### [What is expected]
Every line of the entries that holds the word "rect" is to be copied.

*** Begin section ***

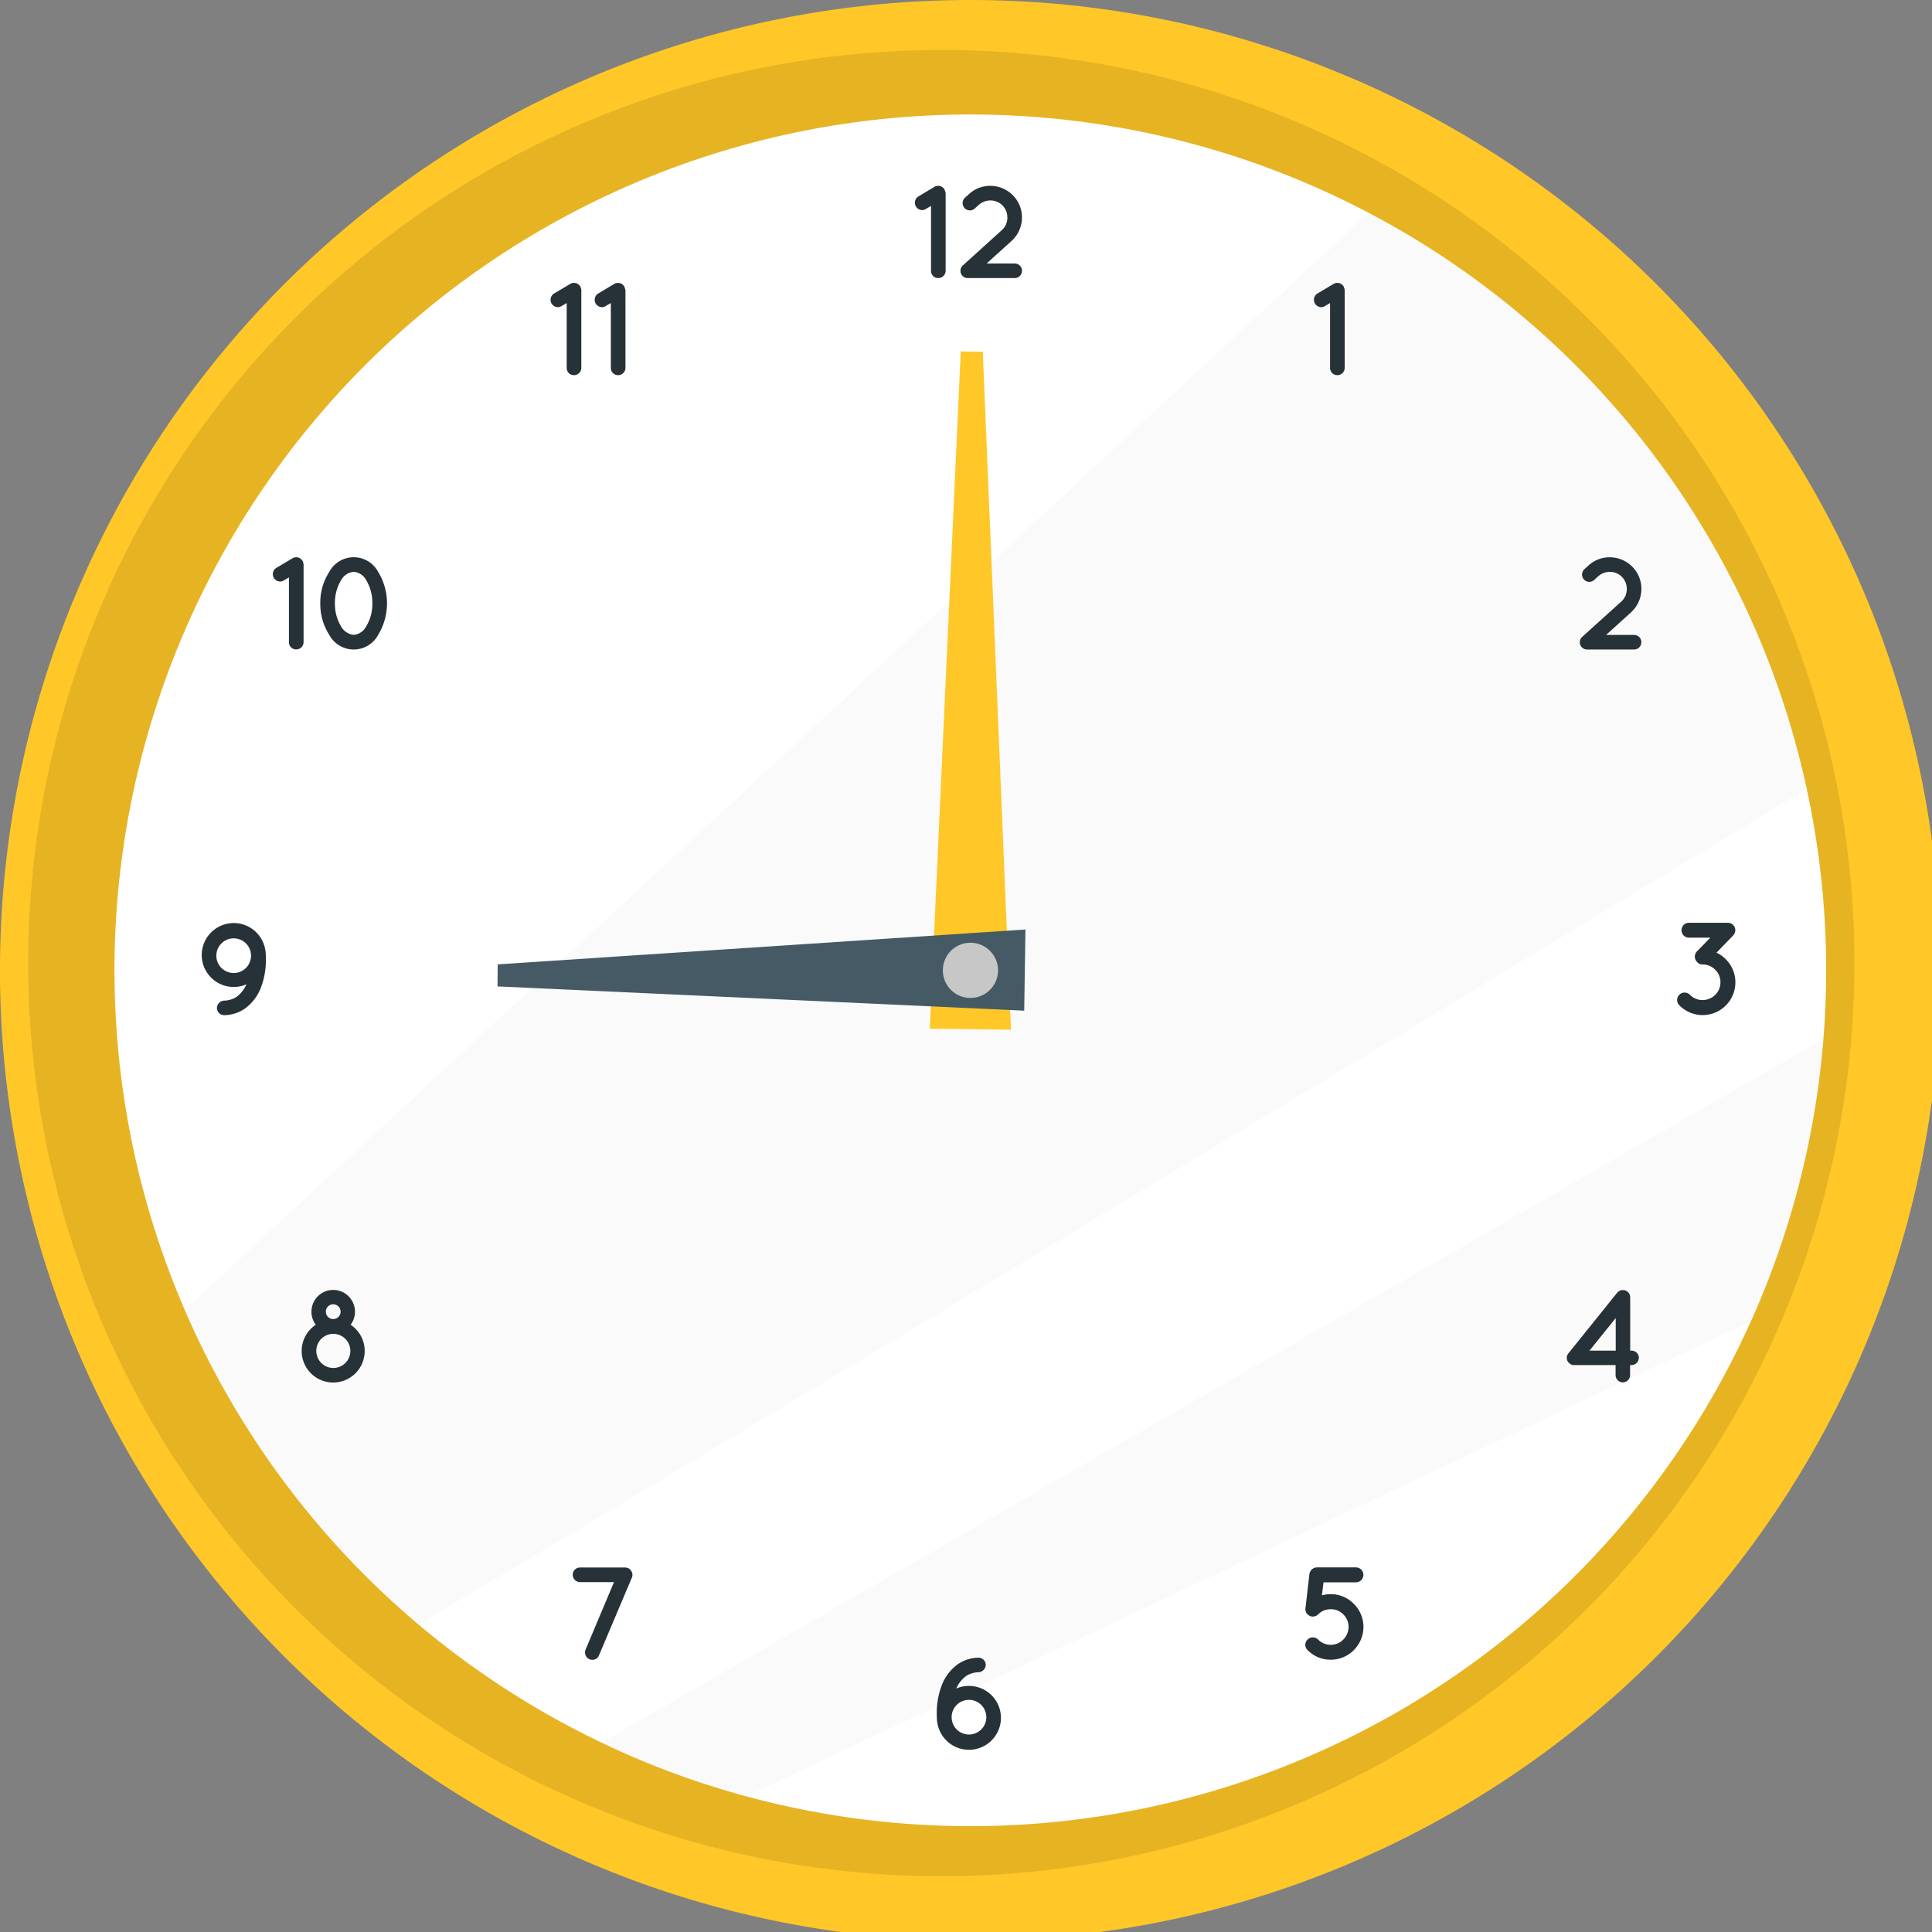<svg id="promise_ic1" xmlns="http://www.w3.org/2000/svg" xmlns:xlink="http://www.w3.org/1999/xlink" width="84" height="84" viewBox="0 0 84 84">
  <rect x="0" y="0" width="84" height="84" fill="#808080" stroke="none"/>
  <defs>
    <clipPath id="clip-path">
      <rect id="長方形_13316" data-name="長方形 13316" width="84" height="84" fill="none"/>
    </clipPath>
    <clipPath id="clip-path-3">
      <rect id="長方形_13311" data-name="長方形 13311" width="79.404" height="79.404" fill="none"/>
    </clipPath>
    <clipPath id="clip-path-4">
      <rect id="長方形_13314" data-name="長方形 13314" width="71.247" height="68.856" fill="none"/>
    </clipPath>
    <clipPath id="clip-path-5">
      <rect id="長方形_13312" data-name="長方形 13312" width="70.525" height="61.382" fill="none"/>
    </clipPath>
    <clipPath id="clip-path-6">
      <rect id="長方形_13313" data-name="長方形 13313" width="53.132" height="32.941" fill="none"/>
    </clipPath>
  </defs>
  <g id="グループ_97038" data-name="グループ 97038" clip-path="url(#clip-path)">
    <g id="グループ_97037" data-name="グループ 97037">
      <g id="グループ_97036" data-name="グループ 97036" clip-path="url(#clip-path)">
        <path id="パス_103989" data-name="パス 103989" d="M84.377,42.189A42.189,42.189,0,1,1,42.189,0,42.189,42.189,0,0,1,84.377,42.189" fill="#ffc727"/>
        <g id="グループ_97026" data-name="グループ 97026" transform="translate(1.223 2.171)" opacity="0.1">
          <g id="グループ_97025" data-name="グループ 97025">
            <g id="グループ_97024" data-name="グループ 97024" clip-path="url(#clip-path-3)">
              <path id="パス_103990" data-name="パス 103990" d="M83.655,47.246a39.7,39.7,0,1,1-39.7-39.7,39.7,39.7,0,0,1,39.7,39.7" transform="translate(-4.251 -7.544)"/>
            </g>
          </g>
        </g>
        <path id="パス_103991" data-name="パス 103991" d="M91.72,54.511A37.21,37.21,0,1,1,54.511,17.3a37.209,37.209,0,0,1,37.21,37.21" transform="translate(-12.322 -12.322)" fill="#fff"/>
        <g id="グループ_97035" data-name="グループ 97035" transform="translate(8.03 9.25)" opacity="0.5">
          <g id="グループ_97034" data-name="グループ 97034">
            <g id="グループ_97033" data-name="グループ 97033" clip-path="url(#clip-path-4)">
              <g id="グループ_97029" data-name="グループ 97029" opacity="0.5">
                <g id="グループ_97028" data-name="グループ 97028">
                  <g id="グループ_97027" data-name="グループ 97027" clip-path="url(#clip-path-5)">
                    <path id="パス_103992" data-name="パス 103992" d="M98.428,57.182C81.484,67.449,53.636,84.29,38.071,93.522A37.24,37.24,0,0,1,27.9,79.851L79.382,32.14A37.253,37.253,0,0,1,98.428,57.182" transform="translate(-27.903 -32.14)" fill="#ebebeb"/>
                  </g>
                </g>
              </g>
              <g id="グループ_97032" data-name="グループ 97032" transform="translate(18.116 35.915)" opacity="0.5">
                <g id="グループ_97031" data-name="グループ 97031">
                  <g id="グループ_97030" data-name="グループ 97030" clip-path="url(#clip-path-6)">
                    <path id="パス_103993" data-name="パス 103993" d="M143.983,156.938a36.979,36.979,0,0,1-3.141,12.279l-43.69,20.662a36.553,36.553,0,0,1-6.3-2.337c13.68-7.908,38.012-21.908,53.131-30.6" transform="translate(-90.852 -156.938)" fill="#ebebeb"/>
                  </g>
                </g>
              </g>
            </g>
          </g>
        </g>
        <path id="パス_103994" data-name="パス 103994" d="M142.77,53.1l1.224,29.479-3.53-.043,1.348-29.447Z" transform="translate(-100.04 -37.81)" fill="#ffc727"/>
        <path id="パス_103995" data-name="パス 103995" d="M75.153,141.942,98.1,140.426l-.054,3.529-22.9-1.055Z" transform="translate(-53.515 -100.013)" fill="#455a64"/>
        <path id="パス_103996" data-name="パス 103996" d="M144.82,143.615a1.2,1.2,0,1,1-1.2-1.2,1.2,1.2,0,0,1,1.2,1.2" transform="translate(-101.427 -101.426)" fill="#c7c7c7"/>
        <path id="パス_103997" data-name="パス 103997" d="M139.538,28.387v3.381a.319.319,0,0,1-.321.315.311.311,0,0,1-.315-.315V28.949l-.229.132a.286.286,0,0,1-.16.046.321.321,0,0,1-.166-.59l.7-.418c.006-.006.017-.006.023-.012s.018-.012.029-.017.022-.005.034-.005a.035.035,0,0,1,.023-.006.1.1,0,0,1,.04-.006h.063a.034.034,0,0,0,.023.006.065.065,0,0,1,.035.011.033.033,0,0,1,.022.006c.017.012.023.017.035.017a.076.076,0,0,0,.023.017c.006.006.017.012.023.017s.017.017.023.023a.085.085,0,0,1,.017.023l.023.023.006.011c0,.006.005.012.005.017s.011.017.011.029.006.023.012.028a.25.25,0,0,0,.006.029.048.048,0,0,0,.012.04Z" transform="translate(-98.423 -19.993)" fill="#263238"/>
        <path id="パス_103998" data-name="パス 103998" d="M147.776,31.768a.311.311,0,0,1-.315.315h-2.04a.308.308,0,0,1-.235-.1.316.316,0,0,1,.017-.447L146.9,30a.719.719,0,0,0,.241-.55.742.742,0,0,0-.189-.5.728.728,0,0,0-.55-.241.753.753,0,0,0-.5.189l-.178.16a.312.312,0,0,1-.447-.023.317.317,0,0,1,.023-.447l.178-.16a1.353,1.353,0,0,1,.923-.355,1.38,1.38,0,0,1,1.02.453,1.353,1.353,0,0,1,.355.923,1.38,1.38,0,0,1-.452,1.02l-1.083.98h1.221a.316.316,0,0,1,.315.321" transform="translate(-103.343 -19.993)" fill="#263238"/>
        <path id="パス_103999" data-name="パス 103999" d="M199.824,43.054v3.381a.319.319,0,0,1-.321.315.311.311,0,0,1-.315-.315V43.616l-.229.132a.288.288,0,0,1-.16.046.321.321,0,0,1-.167-.59l.705-.418c.006-.006.017-.006.023-.012s.017-.012.029-.017.023-.005.034-.005a.035.035,0,0,1,.023-.006.1.1,0,0,1,.04-.006h.063a.034.034,0,0,0,.023.006.063.063,0,0,1,.035.011.033.033,0,0,1,.023.006c.018.012.023.017.035.017a.081.081,0,0,0,.023.017c.006.006.017.012.023.017s.017.017.023.023a.079.079,0,0,1,.017.023l.023.023.006.011c0,.006.005.012.005.017s.012.017.012.029.006.023.011.028a.239.239,0,0,0,.006.029.048.048,0,0,0,.012.04Z" transform="translate(-141.359 -30.439)" fill="#263238"/>
        <path id="パス_104000" data-name="パス 104000" d="M84.495,43.054v3.381a.319.319,0,0,1-.321.315.311.311,0,0,1-.315-.315V43.616l-.229.132a.287.287,0,0,1-.16.046.321.321,0,0,1-.166-.59l.705-.418c.006-.006.017-.006.023-.012s.017-.012.029-.017.023-.005.034-.005a.035.035,0,0,1,.023-.006.1.1,0,0,1,.04-.006h.063a.035.035,0,0,0,.023.006.064.064,0,0,1,.035.011.034.034,0,0,1,.023.006c.017.012.023.017.034.017a.08.08,0,0,0,.023.017c.006.006.017.012.023.017s.017.017.023.023a.079.079,0,0,1,.017.023l.023.023.006.011c0,.006.006.012.006.017a.06.06,0,0,1,.011.029c.006.012.006.023.012.028a.249.249,0,0,0,.006.029.048.048,0,0,0,.012.04Z" transform="translate(-59.22 -30.439)" fill="#263238"/>
        <path id="パス_104001" data-name="パス 104001" d="M91.165,43.054v3.381a.319.319,0,0,1-.321.315.311.311,0,0,1-.315-.315V43.616l-.229.132a.288.288,0,0,1-.161.046.321.321,0,0,1-.166-.59l.7-.418c.006-.006.017-.006.023-.012s.017-.012.028-.017.023-.005.035-.005a.034.034,0,0,1,.023-.006.1.1,0,0,1,.04-.006h.063a.035.035,0,0,0,.023.006.065.065,0,0,1,.035.011.033.033,0,0,1,.022.006c.018.012.023.017.035.017a.076.076,0,0,0,.023.017c.006.006.017.012.023.017a.086.086,0,0,1,.023.023.07.07,0,0,1,.017.023l.023.023.006.011c0,.006.006.012.006.017s.011.017.011.029.005.023.012.028a.26.26,0,0,0,.005.029.047.047,0,0,0,.012.04Z" transform="translate(-63.971 -30.439)" fill="#263238"/>
        <path id="パス_104002" data-name="パス 104002" d="M241.348,87.884a.311.311,0,0,1-.315.315h-2.04a.309.309,0,0,1-.235-.1.316.316,0,0,1,.018-.447l1.7-1.536a.718.718,0,0,0,.241-.55.744.744,0,0,0-.189-.5.728.728,0,0,0-.55-.241.754.754,0,0,0-.5.189l-.178.161a.312.312,0,0,1-.447-.023.317.317,0,0,1,.023-.447l.178-.16a1.354,1.354,0,0,1,.923-.355,1.38,1.38,0,0,1,1.02.453,1.353,1.353,0,0,1,.355.923,1.38,1.38,0,0,1-.453,1.02l-1.083.98h1.22a.316.316,0,0,1,.315.321" transform="translate(-169.987 -59.96)" fill="#263238"/>
        <path id="パス_104003" data-name="パス 104003" d="M42.535,84.5v3.381a.319.319,0,0,1-.321.315.311.311,0,0,1-.315-.315V85.066l-.229.132a.287.287,0,0,1-.16.046.321.321,0,0,1-.166-.59l.705-.418c.006-.006.017-.006.023-.012s.017-.012.029-.017.023-.005.034-.005a.035.035,0,0,1,.023-.006.1.1,0,0,1,.04-.006h.063a.035.035,0,0,0,.023.006.064.064,0,0,1,.035.011.034.034,0,0,1,.023.006c.017.012.023.017.034.017a.077.077,0,0,0,.023.017c.005.006.017.011.023.017s.017.017.023.023a.079.079,0,0,1,.017.023l.023.023.006.011c0,.006.006.012.006.017a.06.06,0,0,1,.011.029c.006.012.006.023.012.028a.25.25,0,0,0,.006.029.048.048,0,0,0,.012.04Z" transform="translate(-29.336 -59.96)" fill="#263238"/>
        <path id="パス_104004" data-name="パス 104004" d="M48.391,86.194a2.454,2.454,0,0,1,.39-1.37,1.206,1.206,0,0,1,2.126,0,2.635,2.635,0,0,1,0,2.739,1.206,1.206,0,0,1-2.126,0,2.469,2.469,0,0,1-.39-1.37m2.263,0a1.9,1.9,0,0,0-.275-1.02.665.665,0,0,0-.533-.35.689.689,0,0,0-.544.35,1.9,1.9,0,0,0-.275,1.02,1.878,1.878,0,0,0,.275,1.014.7.7,0,0,0,.544.355.674.674,0,0,0,.533-.355,1.878,1.878,0,0,0,.275-1.014" transform="translate(-34.465 -59.96)" fill="#263238"/>
        <path id="パス_104005" data-name="パス 104005" d="M30.477,140.832a1.391,1.391,0,0,1,2.774-.143c0,.006,0,.006.005.012.006.109.012.218.012.327a3.361,3.361,0,0,1-.2,1.175,2.009,2.009,0,0,1-.739.98,1.641,1.641,0,0,1-.86.269.32.32,0,0,1-.332-.3.332.332,0,0,1,.309-.332,1.05,1.05,0,0,0,.539-.16,1.326,1.326,0,0,0,.435-.55,1.349,1.349,0,0,1-.55.115,1.389,1.389,0,0,1-1.393-1.387m.636,0a.754.754,0,1,0,1.507,0,.754.754,0,0,0-1.507,0" transform="translate(-21.706 -99.314)" fill="#263238"/>
        <path id="パス_104006" data-name="パス 104006" d="M255.512,141.007a1.4,1.4,0,0,1,.418,1,1.422,1.422,0,0,1-2.43,1.008.324.324,0,1,1,.458-.458.763.763,0,0,0,.544.224.785.785,0,0,0,.55-.224.767.767,0,0,0,.229-.55.746.746,0,0,0-.229-.545.768.768,0,0,0-.544-.229.283.283,0,0,1-.235-.1c-.005,0-.005,0-.005-.006a.325.325,0,0,1-.012-.458l.585-.6h-.929a.324.324,0,0,1,0-.648H255.6a.322.322,0,0,1,.327.321.34.34,0,0,1-.04.155.4.4,0,0,1-.057.08l-.722.745a1.3,1.3,0,0,1,.4.281" transform="translate(-180.479 -99.3)" fill="#263238"/>
        <path id="パス_104007" data-name="パス 104007" d="M239.838,197.845a.315.315,0,0,1-.321.315h-.058v.436a.315.315,0,0,1-.63,0v-.436h-1.805a.28.28,0,0,1-.195-.069.307.307,0,0,1-.051-.441l2.12-2.636c.006,0,.006-.005.012-.011a.08.08,0,0,0,.017-.023.06.06,0,0,0,.028-.017c.006-.006.017-.012.023-.017a.059.059,0,0,1,.034-.012c.006-.012.012-.017.023-.017s.017-.006.034-.012a.037.037,0,0,0,.023-.005h.1a.054.054,0,0,0,.029.005c.006.006.023.006.035.012s.017.006.023.006.023.017.029.023.017.011.029.017a.005.005,0,0,1,.005.005c.006,0,.018.006.018.012l.023.023c.006.006.011.017.017.023a.168.168,0,0,1,.023.029.043.043,0,0,0,.012.023.292.292,0,0,1,.011.035c0,.005.006.017.006.023a.061.061,0,0,1,.006.034c0,.012.006.017.006.029v2.333h.058a.319.319,0,0,1,.321.315m-1.008-1.731-1.141,1.416h1.141Z" transform="translate(-168.586 -138.809)" fill="#263238"/>
        <path id="パス_104008" data-name="パス 104008" d="M48.318,197.547a1.37,1.37,0,1,1-2.126-1.141.926.926,0,0,1-.189-.567.946.946,0,0,1,1.892,0,.926.926,0,0,1-.189.567,1.375,1.375,0,0,1,.613,1.141m-.624,0a.746.746,0,0,0-.739-.745.742.742,0,1,0,0,1.484.741.741,0,0,0,.739-.739m-1.066-1.708a.321.321,0,1,0,.642,0,.321.321,0,0,0-.642,0" transform="translate(-32.462 -138.809)" fill="#263238"/>
        <path id="パス_104009" data-name="パス 104009" d="M199.311,238.4a1.4,1.4,0,0,1,.418,1.009,1.425,1.425,0,0,1-.418,1,1.4,1.4,0,0,1-1,.418H198.3a1.387,1.387,0,0,1-1-.418.315.315,0,0,1,0-.458.326.326,0,0,1,.459,0,.767.767,0,0,0,1.094,0,.778.778,0,0,0,.229-.544.748.748,0,0,0-.229-.55.739.739,0,0,0-.544-.224.761.761,0,0,0-.55.224.326.326,0,0,1-.459,0c-.023-.023-.04-.052-.063-.075,0-.012,0-.018-.005-.018a.044.044,0,0,0-.012-.028c0-.017-.005-.029-.005-.04s-.006-.006-.006-.012a.29.29,0,0,1,0-.1l.172-1.484a.348.348,0,0,1,.143-.229c.011-.005.017-.005.023-.011s.012-.006.017-.012a.317.317,0,0,1,.149-.034h1.69a.324.324,0,1,1,0,.648h-1.41l-.069.567a1.48,1.48,0,0,1,.384-.052,1.4,1.4,0,0,1,1,.418" transform="translate(-140.449 -168.666)" fill="#263238"/>
        <path id="パス_104010" data-name="パス 104010" d="M89.1,237.255l-1.433,3.387a.3.3,0,0,1-.292.189.317.317,0,0,1-.12-.023.325.325,0,0,1-.172-.413l1.238-2.94H86.842a.323.323,0,0,1-.315-.321.314.314,0,0,1,.315-.315h1.966a.215.215,0,0,1,.058.006.52.52,0,0,1,.12.046l.017.017a.045.045,0,0,1,.023.023c.006.011.017.017.023.023a.08.08,0,0,0,.017.023.06.06,0,0,1,.012.029.1.1,0,0,0,.023.029c0,.006.006.023.006.029s.005.017.012.028a.463.463,0,0,1,0,.126c-.006.023-.012.04-.017.057" transform="translate(-61.626 -168.666)" fill="#263238"/>
        <path id="パス_104011" data-name="パス 104011" d="M144.313,253.06a1.391,1.391,0,0,1-2.774.143c0-.005,0-.005-.006-.012-.006-.109-.011-.218-.011-.327a3.356,3.356,0,0,1,.2-1.175,2.005,2.005,0,0,1,.739-.98,1.64,1.64,0,0,1,.86-.269.32.32,0,0,1,.332.3.332.332,0,0,1-.309.332,1.053,1.053,0,0,0-.539.161,1.317,1.317,0,0,0-.435.55,1.349,1.349,0,0,1,.55-.115,1.389,1.389,0,0,1,1.393,1.387m-.636,0a.754.754,0,1,0-1.507,0,.754.754,0,0,0,1.507,0" transform="translate(-100.794 -178.367)" fill="#263238"/>
      </g>
    </g>
  </g>
</svg>

*** End section ***

### [Task solution]
  <rect x="0" y="0" width="84" height="84" fill="#808080" stroke="none"/>
      <rect id="長方形_13316" data-name="長方形 13316" width="84" height="84" fill="none"/>
      <rect id="長方形_13311" data-name="長方形 13311" width="79.404" height="79.404" fill="none"/>
      <rect id="長方形_13314" data-name="長方形 13314" width="71.247" height="68.856" fill="none"/>
      <rect id="長方形_13312" data-name="長方形 13312" width="70.525" height="61.382" fill="none"/>
      <rect id="長方形_13313" data-name="長方形 13313" width="53.132" height="32.941" fill="none"/>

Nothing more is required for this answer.